Directions:
Every record, apart from its pictures, should be repeated exactly.

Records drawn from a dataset
== Segment start ==

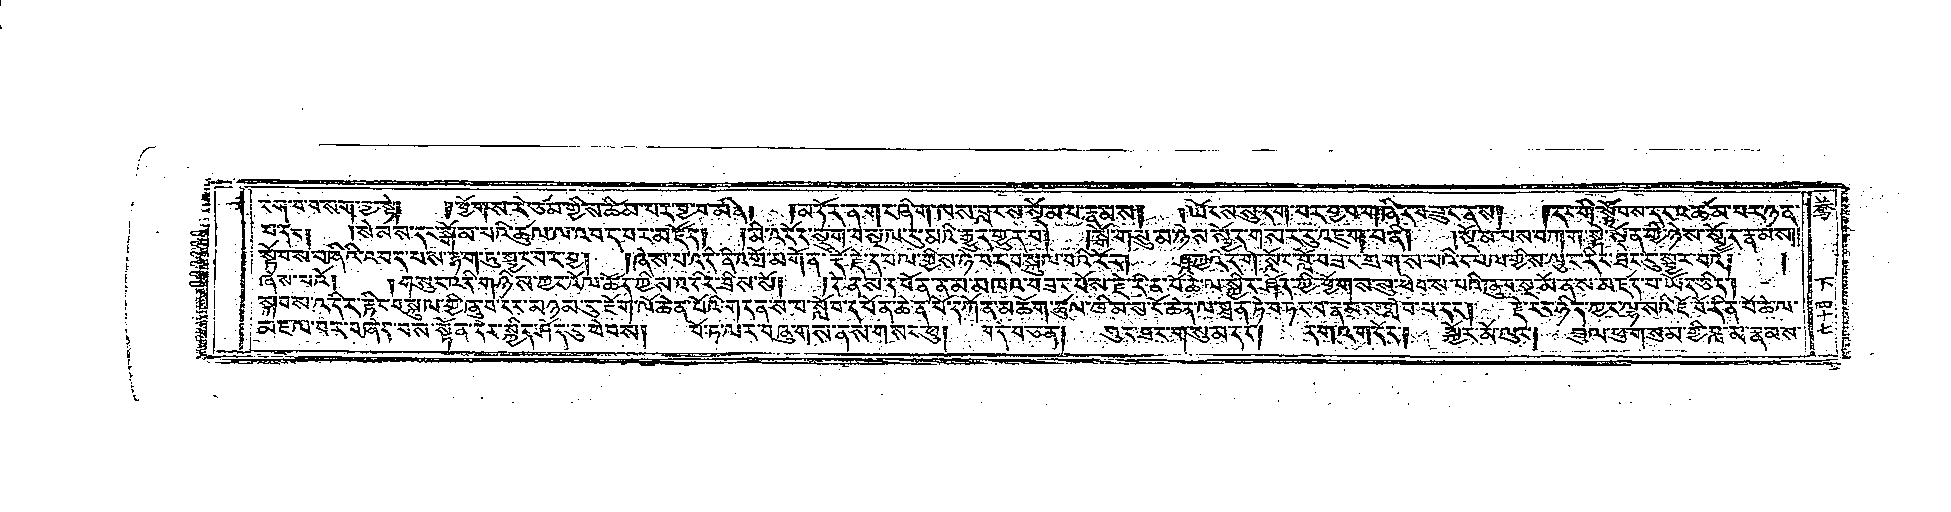ངག་བ་བསག་བྱ་སྟེ། །ཕྱོགས་རེ་ཙམ་གྱིས་ཚིམ་པར་བྱ་བ་མིན། །མདོར་ན་གང་ཞིག་ཁས་བླངས་སྡོམ་པ་རྣམས། །ཡོངས་སུ་དག་པར་བྱ་བ་གཞིར་བཟུང་ནས། །དང་གི་སྟོབས་དང་འཚམ་པར་ཉན་
པ་དང་། །སེམས་དང་སྒོམ་པའི་ཚུལ་ལ་འབད་པར་མཛོད། །མི་འདོད་སྡུག་བསྔལ་དུ་མའི་རྒྱུར་གྱུར་བ། །སྒོ་གསུམ་ཉེས་སྤྱོད་གསར་དུ་འཇུག་བ་ནི། །སྡོམ་པས་བཀག་སྟེ་སྔོན་གྱི་ཉེས་སྤྱོད་རྣམས།།
སྟོབས་བཞིའི་འབད་པས་རྟག་ཏུ་སྦྱང་བར་བྱ། །ཞེས་པ་འདི་ནི་འགྲོ་མགོན་རྡོ་རྗེ་དཔལ་གྱིས་ཉེ་བར་བསྐུལ་བའི་དོར། ཤཱཀྱའི་དགེ་སློང་བློ་བཟང་གྲགས་པའི་དཔལ་གྱིས་ལྕང་རིང་ཐང་དུ་སྦྱར་བའོ། །
ཞེས་པའོ། །གསུང་འདི་གཉིས་ཀྱང་འོལ་ཚོད་ཀྱིས་འདིར་བྲིས་སོ། །དེ་ནས་དབོན་ནམ་མཁའ་བཟང་པོས་རྗེ་རིན་པོ་ཆེ་ལ་སྐྱིད་ཤོད་ཀྱི་ཕྱོགས་སུ་ཕེབས་པའི་ཞུ་བ་སྔ་མོ་ནས་མཛད་པ་ཡོད་ཅིང་།
སྐབས་འདིར་རྟིང་བསྐུལ་གྱི་ཞུ་བ་དང་མཉམ་དུ་རྡོག་ལོ་ཆེན་པོའི་གདན་ས་པ་སློབ་དཔོན་ཆེན་པོ་དཀོན་མཆོག་ཚུལ་ཁྲིམ་ས་ངོ་ཆེན་ལ་སྤྲན་ཏེ་བཏང་བ་རྣམས་གླེབ་པ་དང་། རྗེ་རང་ཉིད་ཀྱང་ལྷ་སའི་ཇོ་བོ་རིན་པོ་ཆེ་ལ་
མཇལ་བར་བཞེད་པས་སྟོན་དེར་སྐྱིད་ཤོད་དུ་ཕེབས། པོ་ཏ་ལར་བཞུགས་ནས་གསང་ཕུ། བདེ་བ་ཅན། གུང་ཐང་གསུམ་དང་། དགའ་གདོང་། སྐྱོར་མོ་ལུང་། ཟུལ་ཕུ་གསུམ་གྱི་བླ་མ་རྣམས་

== Segment end ==

Output of the task:
ངག་བ་བསག་བྱ་སྟེ། །ཕྱོགས་རེ་ཙམ་གྱིས་ཚིམ་པར་བྱ་བ་མིན། །མདོར་ན་གང་ཞིག་ཁས་བླངས་སྡོམ་པ་རྣམས། །ཡོངས་སུ་དག་པར་བྱ་བ་གཞིར་བཟུང་ནས། །དང་གི་སྟོབས་དང་འཚམ་པར་ཉན་
པ་དང་། །སེམས་དང་སྒོམ་པའི་ཚུལ་ལ་འབད་པར་མཛོད། །མི་འདོད་སྡུག་བསྔལ་དུ་མའི་རྒྱུར་གྱུར་བ། །སྒོ་གསུམ་ཉེས་སྤྱོད་གསར་དུ་འཇུག་བ་ནི། །སྡོམ་པས་བཀག་སྟེ་སྔོན་གྱི་ཉེས་སྤྱོད་རྣམས།།
སྟོབས་བཞིའི་འབད་པས་རྟག་ཏུ་སྦྱང་བར་བྱ། །ཞེས་པ་འདི་ནི་འགྲོ་མགོན་རྡོ་རྗེ་དཔལ་གྱིས་ཉེ་བར་བསྐུལ་བའི་དོར། ཤཱཀྱའི་དགེ་སློང་བློ་བཟང་གྲགས་པའི་དཔལ་གྱིས་ལྕང་རིང་ཐང་དུ་སྦྱར་བའོ། །
ཞེས་པའོ། །གསུང་འདི་གཉིས་ཀྱང་འོལ་ཚོད་ཀྱིས་འདིར་བྲིས་སོ། །དེ་ནས་དབོན་ནམ་མཁའ་བཟང་པོས་རྗེ་རིན་པོ་ཆེ་ལ་སྐྱིད་ཤོད་ཀྱི་ཕྱོགས་སུ་ཕེབས་པའི་ཞུ་བ་སྔ་མོ་ནས་མཛད་པ་ཡོད་ཅིང་།
སྐབས་འདིར་རྟིང་བསྐུལ་གྱི་ཞུ་བ་དང་མཉམ་དུ་རྡོག་ལོ་ཆེན་པོའི་གདན་ས་པ་སློབ་དཔོན་ཆེན་པོ་དཀོན་མཆོག་ཚུལ་ཁྲིམ་ས་ངོ་ཆེན་ལ་སྤྲན་ཏེ་བཏང་བ་རྣམས་གླེབ་པ་དང་། རྗེ་རང་ཉིད་ཀྱང་ལྷ་སའི་ཇོ་བོ་རིན་པོ་ཆེ་ལ་
མཇལ་བར་བཞེད་པས་སྟོན་དེར་སྐྱིད་ཤོད་དུ་ཕེབས། པོ་ཏ་ལར་བཞུགས་ནས་གསང་ཕུ། བདེ་བ་ཅན། གུང་ཐང་གསུམ་དང་། དགའ་གདོང་། སྐྱོར་མོ་ལུང་། ཟུལ་ཕུ་གསུམ་གྱི་བླ་མ་རྣམས་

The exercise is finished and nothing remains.